Now, from your local machine, tunnel into the 5000 port of the server where you ran the above command. After forwarding, if you navigate to http://localhost:5000/ you should be able to access the MLFlow UI.

Tip

For example, let’s say you are working in an HPC environment, where the machine where you ran the above command is named server1 and the login node to your HPC system is named hpc.university.edu and you have the username astronomer. Then, to establish port-forwarding, you should type the following command on your local machine:-

ssh -N -L 5000:server1:5000 astronomer@hpc.university.edu

If performing the above step without a login node (e.g., a server which has the IP server1.university.edu), you should be able to establish port-forwarding simply with:-

ssh -N -L 5000:localhost:5000 astronomer@server1.university.edu

Training on other datasets

In Running the trainer section, we demonstrated how to train a GaMPEN model on the demo HSC dataset. Below, we outline the core steps involved in training a model on your own data:-

Create the necessary directory structure with:-

mkdir -p dataset-name/cutouts

where dataset-name can be any name of your choosing.
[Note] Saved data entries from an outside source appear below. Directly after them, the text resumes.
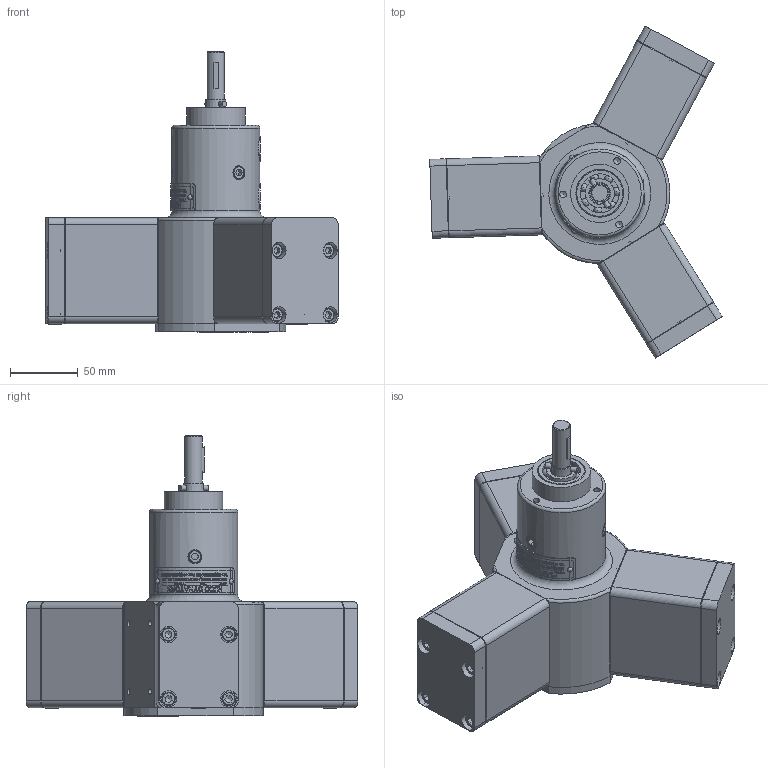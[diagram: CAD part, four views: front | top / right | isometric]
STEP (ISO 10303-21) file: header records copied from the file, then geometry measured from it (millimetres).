
FILE_DESCRIPTION(/* description */ (''),/* implementation_level */ '2;1');
FILE_NAME(/* name */ '930.75.A.stp',/* time_stamp */ '2019-06-03T14:35:54+01:00',/* author */ ('Michael.Drake'),/* organization */ (''),/* preprocessor_version */ 'ST-DEVELOPER v17',/* originating_system */ 'Autodesk Inventor 2019',/* authorisation */ '');
FILE_SCHEMA (('AUTOMOTIVE_DESIGN { 1 0 10303 214 3 1 1 }'));
Products named in the file (1): Part941
Bounding box: 215.25 x 244.18 x 206.35 mm (x, y, z)
Volume: 1623083.2 mm3; surface area: 467023.7 mm2
Topology: 80 solids, 80 shells, 2560 faces, 6807 edges, 4575 vertices
Faces by surface type: plane 1124, bspline 672, cylinder 456, cone 191, torus 95, sphere 22
Full cylindrical faces by diameter (mm): 2 x2, 2.2 x2, 2.4 x2, 4 x3, 4.134 x4, 4.5 x1, 4.917 x18, 6 x18, 6.5 x27, 7 x3, 8 x23, 8.4 x1, 8.566 x10, 9 x1, 10 x14, 11.3 x2, 11.445 x2, 11.63 x1, 12 x23, 12.7 x1, 15 x6, 15.88 x2, 16 x1, 17.6 x2, 18.8 x1, 19 x3, 20 x2, 20.15 x2, 21.4 x4, 28.6 x4
Entity records: 100528 total; most frequent: CARTESIAN_POINT 37190, ORIENTED_EDGE 13480, DIRECTION 10824, EDGE_CURVE 6740, VERTEX_POINT 4599, AXIS2_PLACEMENT_3D 3884, LINE 3056, VECTOR 3056

GaMPEN expects input images to be in the .fits format, centered on the galaxy of interest. Make same-sized individual cutouts for all objects in your dataset; and place these files in dataset-name/cutouts/.
Place a file titled info.csv inside the dataset-name directory. This file should have (at least) a column titled file_name (corresponding to the names of the files in dataset-name/cutouts), a column titled object_id (with a unique ID for each file in dataset-name/cutouts/) and one column each for the parameters that you are trying to predict. For example, if you are trying to predict the radius and magnitude of a galaxy, you would have two columns titled radius and magnitude.

Note

Besides the file_name and object_id columns; all other columns in info.csv can be named according to your choosing. There are also no limitations on additional columns being present in info.csv.

Next, separate your dataset into train, devel, and test splits with the following command:-

python ggt/data/make_splits.py --data_dir=/dataset-name/

Attention

You should provide the full path of the dataset-name directory to the data_dir argument.

The make_splits.py file splits the dataset according to a set of pre-determined fractions and you can choose to use any of these for your analysis. Details of the various splits are mentioned on the Using GaMPEN page.

After generating the splits, the dataset-name directory should look like this:

- dataset_name
    - info.csv
    - cutouts/
    - splits/

Tip

To change the fractions (of train/devel/test data) in the various splits; alter the split_types dictionary in make_splits.py

Follow the instructions in Running the trainer.